High tariffs imposed by the United States could pose challenges for India, according to a Crisil Intelligence report. The report notes that both Indian goods exports and investment may face pressure due to the tariffs. However, domestic consumption, supported by soft inflation and prior interest rate cuts, is expected to underpin economic growth.
GDP Hits Five-Quarter High
India’s GDP grew 7.8% in Q1 FY 2025-26, marking a five-quarter high, up from 7.4% in the same quarter last year. However, nominal GDP growth slowed to 8.8% from 10.8% over the same period, reflecting moderation in price pressures.
CPI Inflation Likely to Decline
Crisil projects Consumer Price Index (CPI) inflation to drop to 3.5% in the current fiscal year from 4.6% last year.
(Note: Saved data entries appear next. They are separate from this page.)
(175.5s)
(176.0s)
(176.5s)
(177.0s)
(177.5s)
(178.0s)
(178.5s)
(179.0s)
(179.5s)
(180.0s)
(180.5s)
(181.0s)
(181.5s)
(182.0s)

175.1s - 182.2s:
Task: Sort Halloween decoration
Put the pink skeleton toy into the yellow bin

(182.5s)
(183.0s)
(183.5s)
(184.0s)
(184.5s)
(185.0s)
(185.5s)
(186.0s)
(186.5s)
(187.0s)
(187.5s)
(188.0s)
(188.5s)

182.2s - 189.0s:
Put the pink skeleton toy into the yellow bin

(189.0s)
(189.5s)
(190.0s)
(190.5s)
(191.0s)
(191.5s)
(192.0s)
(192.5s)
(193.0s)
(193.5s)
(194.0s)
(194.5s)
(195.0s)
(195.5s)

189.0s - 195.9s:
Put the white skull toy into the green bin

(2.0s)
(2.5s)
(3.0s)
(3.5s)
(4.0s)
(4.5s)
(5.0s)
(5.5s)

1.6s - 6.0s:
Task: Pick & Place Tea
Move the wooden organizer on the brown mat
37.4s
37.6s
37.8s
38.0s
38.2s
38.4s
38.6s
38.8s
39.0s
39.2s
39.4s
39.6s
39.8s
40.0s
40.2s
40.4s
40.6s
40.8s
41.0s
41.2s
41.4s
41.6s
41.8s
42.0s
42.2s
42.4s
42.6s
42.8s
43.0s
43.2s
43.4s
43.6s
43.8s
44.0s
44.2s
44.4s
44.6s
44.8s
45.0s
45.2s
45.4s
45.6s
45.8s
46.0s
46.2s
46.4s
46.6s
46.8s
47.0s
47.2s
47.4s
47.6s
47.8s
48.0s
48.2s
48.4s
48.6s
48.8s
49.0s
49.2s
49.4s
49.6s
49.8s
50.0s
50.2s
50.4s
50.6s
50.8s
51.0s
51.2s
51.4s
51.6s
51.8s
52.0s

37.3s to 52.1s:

Healthy agricultural output is expected to keep food inflation under control, though the impact of excessive rainfall is still being assessed.
RBI May Cut Rates Again
Low crude oil prices and softening global commodity costs are expected to curb non-food inflation, giving room for monetary policy easing. The Reserve Bank of India (RBI) may implement another interest rate cut this fiscal year, followed by a pause. The central bank had already reduced the repo rate by 100 basis points between February and June 2025 and is now monitoring the full transmission of these cuts.
Overall, while external risks from US tariffs remain a concern, India’s domestic demand, favorable inflation trends, and accommodative monetary policy are expected to support continued economic growth, the Crisil report concludes.